精液検査は、男性の妊活において生殖能力を評価する重要な検査であり、精子の数、運動率、形などを調べることで不妊原因の特定や適切な妊活・不妊治療の方針決定に役立ちます。
検査には「禁欲期間」の厳守や「採取時の注意」があり、結果を正確に把握するためにも、専門の医療機関で正しい方法で検査を受けることが大切です。
| 精液検査 | 基準値 |
|---|---|
| 性状 | 淡黄~灰白色 pH:7.2~7.8 |
| 精液量 | 1~6(ml) |
| 精子数 | 10~60(×106/ml)以上 |
| 運動率 | 20~70(%)以上 |
| 奇形率 | 20~60(%)以下 |
精液検査の概要
男性不妊の診断を目的として行われます。
検査方法は、3~5日程度の禁欲期間のあとに用手法(自慰行為)によって容器内に直接採取します。
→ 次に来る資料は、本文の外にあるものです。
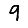
Digit: 9
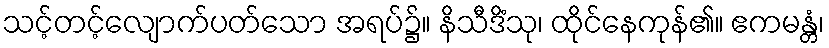
သင့်တင့်လျောက်ပတ်သော အရပ်၌။ နိသီဒိံသု၊ ထိုင်နေကုန်၏။ ဧကမန္တံ၊
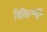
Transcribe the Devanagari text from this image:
विकिन्यूज़
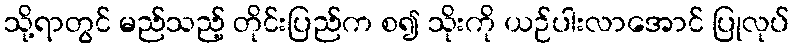
သို့ရာတွင် မည်သည့် တိုင်းပြည်က စ၍ သိုးကို ယဉ်ပါးလာအောင် ပြုလုပ်
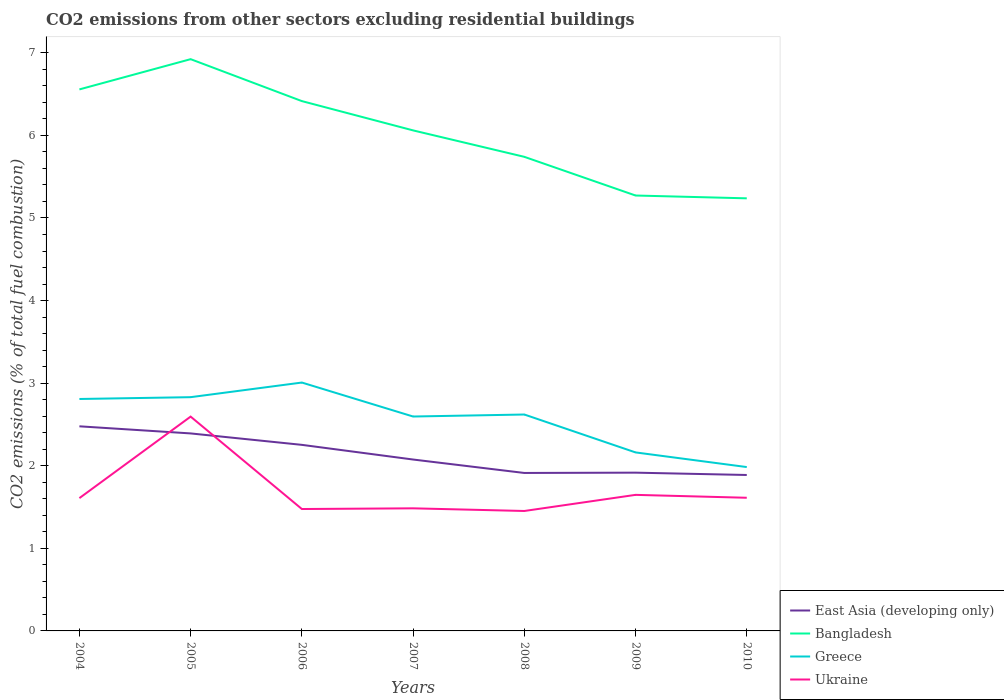
| Years | East Asia (developing only) | Bangladesh | Greece | Ukraine |
 | --- | --- | --- | --- | --- |
 | 2004 | 2.48 | 6.56 | 2.81 | 1.61 |
 | 2005 | 2.39 | 6.92 | 2.83 | 2.59 |
 | 2006 | 2.25 | 6.42 | 3.01 | 1.48 |
 | 2007 | 2.08 | 6.06 | 2.6 | 1.48 |
 | 2008 | 1.91 | 5.74 | 2.62 | 1.45 |
 | 2009 | 1.92 | 5.27 | 2.16 | 1.65 |
 | 2010 | 1.89 | 5.24 | 1.98 | 1.61 |
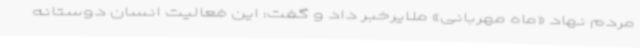
مردم نهاد «ماه مهربانی» ملایرخبر داد و گفت: این فعالیت انسان دوستانه
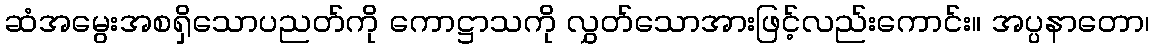
ဆံအမွေးအစရှိသောပညတ်ကို ကောဋ္ဌာသကို လွှတ်သောအားဖြင့်လည်းကောင်း။ အပ္ပနာတော၊
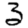
Digit: 3
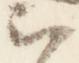
云
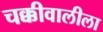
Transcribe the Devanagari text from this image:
चक्कीवालीला
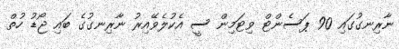
ނާރިނގުގައި 90 ޕަސެންޓް ވިޓަމިން ސީ އެކުލެވޭއިރު ނާރިނގުގެ ބައި ޖޯޑު ހުތް
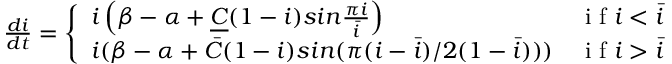
\begin{array} { r } { \frac { d i } { d t } = \left\{ \begin{array} { l l l } { { i \left( \beta - \alpha + \underline { { C } } ( 1 - i ) s i n { \frac { \pi i } { \bar { i } } } \right) } } & { \mathrm { ~ i ~ f ~ } i < { \bar { i } } } \\ { { i ( \beta - \alpha + \bar { C } ( 1 - i ) s i n { ( \pi ( i - \bar { i } ) / 2 ( 1 - \bar { i } ) ) } ) } } & { \mathrm { ~ i ~ f ~ } i > { \bar { i } } } \end{array} \right. } \end{array}
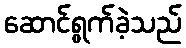
ဆောင်ရွက်ခဲ့သည်
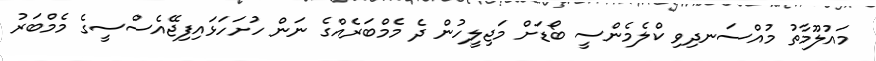
މައުލޫމާތު މުއްސަނދިވި ކްލެމެންސީ ބޯޑަށް މަޖިލީހުން ދެ މެމްބަރެއްގެ ނަން ހުށަހަޅައިފިޖޭއެސްސީގެ މެމްބަރު
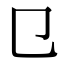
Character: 㔾

運動率などの測定を行うため、採取したあとは一定時間(1時間)で検査を進めていきます。
精液検査の方法
- 3~5日程度の禁欲
- 用手法(自慰行為)により容器内に直接採取
- 採取後一定時間(1時間)で実施
精液検査で調べられる項目
① 精液量(精液の量)
正常な精液量は1.4ml以上が目安で、極端に少ない場合は逆行性射精などが疑われます。
② 精子濃度(精子の数)
精液1mlあたりの精子の数で、数が多いほど妊娠の可能性が高まります。
③ 精子運動率(精子の運動量)
精子の中で動きのある精子の割合で、運動している精子が多い方が妊娠に有利です。
④ 正常形態率(精子の形)
精子の中の正常な形の割合で、正常な形をした精子が多いほど妊娠の可能性が高まります。
⑤ 精子の外観異常
精液の色調や出血の有無、ゼリー状物質の異常なども確認されます。
検査を受ける際の注意点
① 禁欲期間
検査前に2~3日(理想は2~3日、WHOでは2~7日間)の禁欲期間を設けることが推奨されます。短すぎると精子の量が少なくなり、長すぎると酸化ストレスを受けた古い精子が増え、質が低下する可能性があります。
② 採取方法
原則としてマスターベーションで採取します。通常のコンドームには殺精子剤が含まれている場合があるため使用を避けます。
③ 採取場所
自宅で採取した精液を1時間以内に持参するのが理想的ですが、遠方の場合はクリニックでの採取が推奨されます。
精液検査が役立つケース
① 妊活の第一歩
男性側の不妊原因を調べるファーストステップとして行う場合
② ブライダルチェック
これから結婚するカップルが、将来の妊活に備えて精液検査を受ける場合
③ 不妊治療の方針決定
タイミング法、人工授精、体外受精、顕微授精など、適切な不妊治療法を選択するための情報になります。